El
don de predicar
Ninguna de las acepciones del Diccionario de la
Real Academia Española recoge el núcleo carismático del vocablo predicar, ni
siquiera la segunda de ellas que reza pronunciar
un sermón. Porque la predicación como gracia no se encierra en los cánones
de la elocuencia humana ni se ata siempre a dictados estéticos propios de cada
momento, aunque los unos y los otros visten bien siempre el mensaje a
transmitir.

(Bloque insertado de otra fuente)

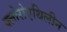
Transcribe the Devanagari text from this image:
क्लोरोएथिलीन

Predicar es, por encima de todo, hacer gala de convicciones
evangélicas, de implicaciones creyentes, de confianza en el mensaje a
transmitir, cuyo origen solo puede ser la verdad evangélica que mana de la
misma Palabra encarnada.
Sermonear no es predicar, está claro, porque un
sermón lo puede pronunciar cualquiera; sí, basta con preparar materiales de uno
u otro sitio, incluso de internet, y se pronuncie con cierta galanura, incluso
si lo dice un no creyente. Pero predicar el mensaje de Cristo solo lo puede
hacer un creyente, una persona fascinada por el Evangelio del Señor Jesús,
alguien que sigue y cree el Evangelio que predica, por encima de las propias
debilidades.
Predicar requiere haber visto y oído, contemplar y
dar lo contemplado, adquirir en el seguimiento del Maestro la condición de
testigo creíble, de buscador de la verdad, de criatura que ha sufrido en sus
propias carnes la transparencia y fuerza transformadora del Evangelio. Porque
predicar, a fin de cuentas, es dejar que la Palabra campe por sus fueros,
aunque sea violentando los huesos del predicador y cambiando el horizonte de
esperanza y de gracia del que escucha la predicación.
Fr. Jesús Duque OP.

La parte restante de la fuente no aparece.